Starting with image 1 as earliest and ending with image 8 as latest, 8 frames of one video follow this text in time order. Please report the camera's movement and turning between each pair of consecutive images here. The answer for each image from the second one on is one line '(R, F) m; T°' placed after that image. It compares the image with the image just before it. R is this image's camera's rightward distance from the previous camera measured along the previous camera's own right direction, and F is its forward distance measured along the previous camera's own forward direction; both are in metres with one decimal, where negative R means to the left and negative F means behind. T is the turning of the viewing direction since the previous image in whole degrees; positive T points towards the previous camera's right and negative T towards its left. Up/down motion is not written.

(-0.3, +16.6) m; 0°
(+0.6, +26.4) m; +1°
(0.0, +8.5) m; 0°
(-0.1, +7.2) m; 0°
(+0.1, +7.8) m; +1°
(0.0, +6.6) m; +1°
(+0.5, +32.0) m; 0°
◆ ◆ ◆ ◆ ◆ ◆ ◆
- TASK PROMPT -
The answer must be the full listing, copied exactly.

- WRITTEN RESPONSE -
Starting with image 1 as earliest and ending with image 8 as latest, 8 frames of one video follow this text in time order. Please report the camera's movement and turning between each pair of consecutive images here. The answer for each image from the second one on is one line '(R, F) m; T°' placed after that image. It compares the image with the image just before it. R is this image's camera's rightward distance from the previous camera measured along the previous camera's own right direction, and F is its forward distance measured along the previous camera's own forward direction; both are in metres with one decimal, where negative R means to the left and negative F means behind. T is the turning of the viewing direction since the previous image in whole degrees; positive T points towards the previous camera's right and negative T towards its left. Up/down motion is not written.

(-0.3, +16.6) m; 0°
(+0.6, +26.4) m; +1°
(0.0, +8.5) m; 0°
(-0.1, +7.2) m; 0°
(+0.1, +7.8) m; +1°
(0.0, +6.6) m; +1°
(+0.5, +32.0) m; 0°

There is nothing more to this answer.